Osborne notes that the filmmakers adopted the term “Loser style,” which did not refer to the clothes of the characters but rather their surroundings. He elaborates, “Let me put it this way: anything we built in ‘Loser style’ either got burned, destroyed, shot up or blown apart.”
For certain sets, where the action was going to be explosive, Osborne and his crew consulted with special effects coordinator John P. Cazin, as well as stunt coordinator and second unit director Garrett Warren. Clay’s hotel room in Bolivia was the most obvious example of a set that was literally designed to be demolished.
“My first thought was, ‘Oh, we’re building a motel room…no big deal,’” admits Osborne. “But we had to design layer-by-layer, working everything out with John regarding the special effects, since we were going to burn down the entire room, and also with Garrett on the stunts, because people were going to be thrown around and putting their fists through the walls. So what seems to be a normal motel room was actually planned to the utmost detail. Every piece of furniture had to be replicated several times over because we were either going to burn it or smash it.”
The motel room is destroyed over the course of an all-out brawl between Clay and Aisha, who, surprisingly, is more than a match for her larger opponent. “The fight scene between Clay and Aisha was amazing to create,” says Warren, who had recently worked with Saldana on “Avatar.” “They were both consummate professionals: Jeffrey is up for anything and Zoë has a dancer’s physicality and loves doing stunts. We just pulled out all the stops.”
“The thing I loved about the way Garrett designed the fight is that he made it very playful,” Saldana comments. “When Clay and Aisha meet, you think they’re about to hook up for a steamy scene and they end up kicking the crap out of each other.
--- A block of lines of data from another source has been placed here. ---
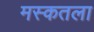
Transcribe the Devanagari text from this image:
मस्कतला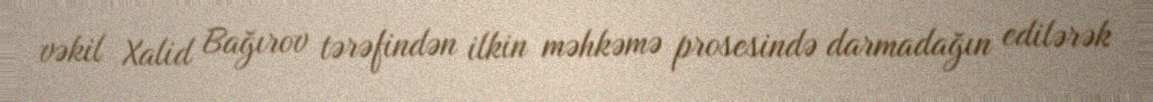
vəkil Xalid Bağırov tərəfindən ilkin məhkəmə prosesində darmadağın edilərək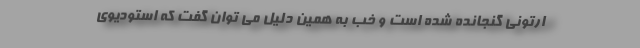
ارتونی گنجانده شده است و خب به همین دلیل می توان گفت که استودیوی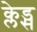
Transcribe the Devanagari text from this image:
क्लेड्स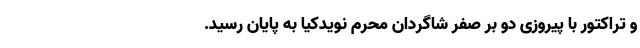
و تراکتور با پیروزی دو بر صفر شاگردان محرم نویدکیا به پایان رسید.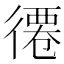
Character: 𢕖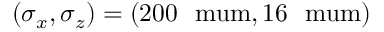
( \sigma _ { x } , \sigma _ { z } ) = ( 2 0 0 ~ \mathrm { \ m u m } , 1 6 ~ \mathrm { \ m u m } )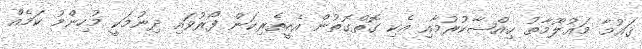
ޤައުމާ މަޢުލޫމާތު ޙިއްޞާކުރުމާއި އެކި ގޮތްގޮތުން އެހީތެރިކަން ފޯރުވައި ދިނުމަކީ މުހިންމު ކަމެއް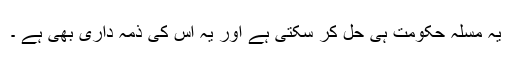
یہ مسلہ حکومت ہی حل کر سکتی ہے اور یہ اس کی ذمہ داری بھی ہے ۔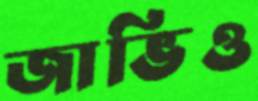
জাভিও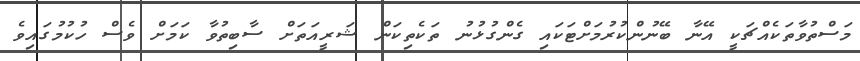
މަސްތުވާތަކެއްޗަކީ އޭނާ ބޭނުންކުރުމަށްޓަކައި ގެންގުޅުނު ތަކެތިކަން ޝަރީއަތަށް ސާބިތުވާ ކަމަށް ވެސް ހުކުމުގައިވެ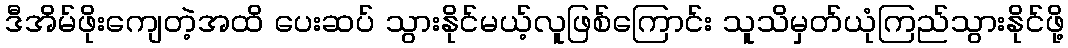
ဒီအိမ်ဖိုးကျေတဲ့အထိ ပေးဆပ် သွားနိုင်မယ့်လူဖြစ်ကြောင်း သူသိမှတ်ယုံကြည်သွားနိုင်ဖို့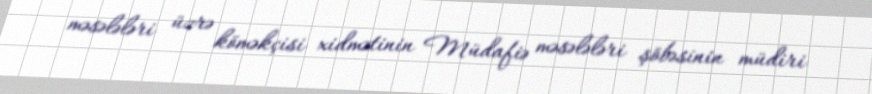
məsələləri üzrə köməkçisi xidmətinin Müdafiə məsələləri şöbəsinin müdiri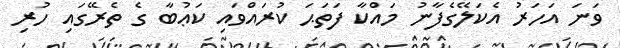
ވަނަ އަހަރު އެކަލޭގެފާނު މައްކާ ފަތަޙަ ކުރައްވައި ކަޢުބާ ގެ ތެރޭގައި ހުރި
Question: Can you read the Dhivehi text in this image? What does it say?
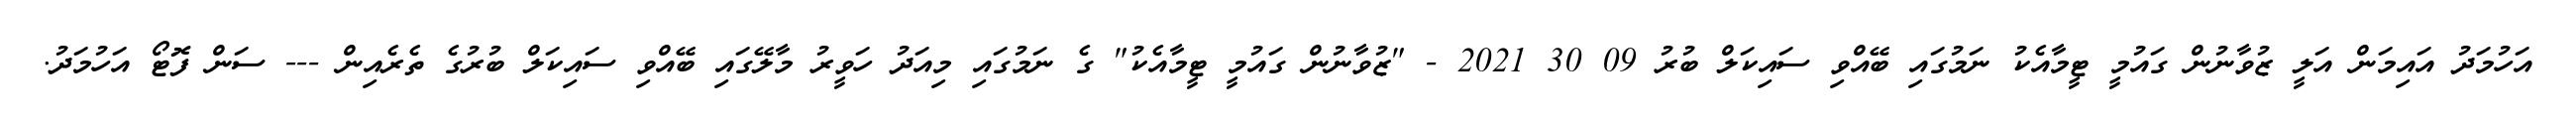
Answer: އަހުމަދު އައިމަން އަލީ ޒުވާނުން ގައުމީ ޓީމާއެކު ނަމުގައި ބޭއްވި ސައިކަލް ބުރު 09 30 2021 - "ޒުވާނުން ގައުމީ ޓީމާއެކު" ގެ ނަމުގައި މިއަދު ހަވީރު މާލޭގައި ބޭއްވި ސައިކަލް ބުރުގެ ތެރެއިން --- ސަން ފޮޓޯ އަހުމަދު.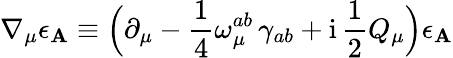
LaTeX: \nabla_{\mu}\epsilon_{\mathbf{A}}\equiv\Bigl(\partial_{\mu}-\frac{{1}}{{4}}\omega_{\mu}^{ab}\, \gamma_{ab}+\mathrm{{i}}\, \frac{{1}}{{2}}Q_{\mu}\Bigr)\epsilon_{\mathbf{A}}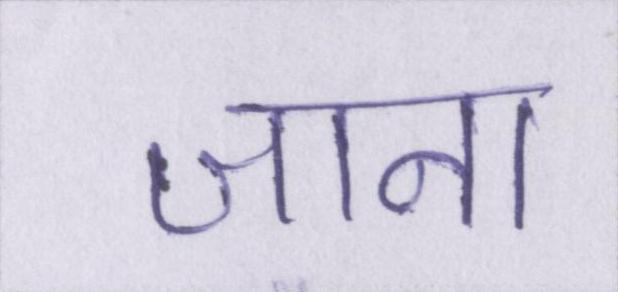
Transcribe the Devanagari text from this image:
जाना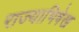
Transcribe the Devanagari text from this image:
राज्याभिषेख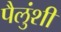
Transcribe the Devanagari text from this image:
पैलुंशी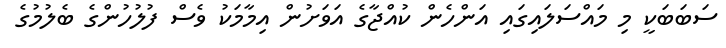
ސަބަބަކީ މި މައްސަލައިގައި އަންހެން ކުއްޖާގެ އަވަށުން އިމާމަކު ވެސް ފުލުހުންގެ ބެލުމުގެ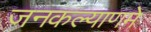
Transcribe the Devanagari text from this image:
जनकल्याणमे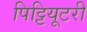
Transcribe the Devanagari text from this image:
पिट्टियूटरी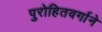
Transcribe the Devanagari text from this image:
पुरोहितवर्गाने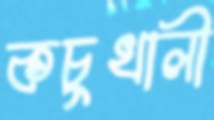
কচুখালী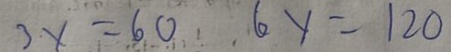
3 \times 6 = 6 0 , 6 y = 1 2 0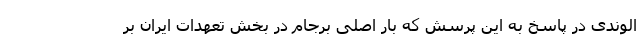
الوندی در پاسخ به این پرسش که بار اصلی برجام در بخش تعهدات ایران بر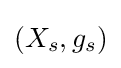
(X_{s},g_{s})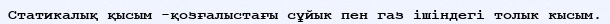
Статикалық қысым -қозғалыстағы сұйык пен газ ішіндегі толык кысым.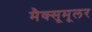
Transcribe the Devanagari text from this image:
मैक्सूमूलर

There’s something sexy about a woman who can hold her own against a man, especially when they find each other irresistible.”
“It was pretty hot,” Morgan agrees, though not necessarily referring to the attraction between the characters. “The flames in that room were real, so filming that scene really stood out for me.”
Hot and steamy proved to the watchwords for the entire cast and crew while working in tropical Puerto Rico. “It’s a beautiful place, but the heat and humidity were unrelenting,” Morgan attests. “Add a black suit and about 60 pounds’ worth of guns and gear, and it made filming the action scenes a special challenge. You can’t drink enough water because no matter where or when you’re shooting, you’re drenched in sweat. But the good news is you’re bound to lose a lot of weight,” he grins.
In planning the stunt sequences, Warren says, “I got my team together and we brainstormed to come up with some interesting, fun ways to shoot. I talked Sylvain into letting us fly him above one action scene on wires and he actually held the camera to film one of our guys doing Parkour-style moves, running and jumping over these large containers. That was a lot of fun…at least for us.”
White also worked with Scott Kevan to film the action from a perspective that brings moviegoers right into the fray. The director emphasizes, “We want the audience to experience certain pivotal moments through the eyes of the characters. It’s about positioning the camera inside the action and staying as close as possible to the actors. Sometimes it’s limiting, and other times it opens brand new doors. It was a fine line, but I think we were able to find a good combination.”
He continues, “I’m very proud of the action in this film, but what I think shines through the most is the fun tone and the great characters. I think ultimately that’s what I want to leave the audience with–having had a good time with ‘The Losers’…and wanting to do it again.”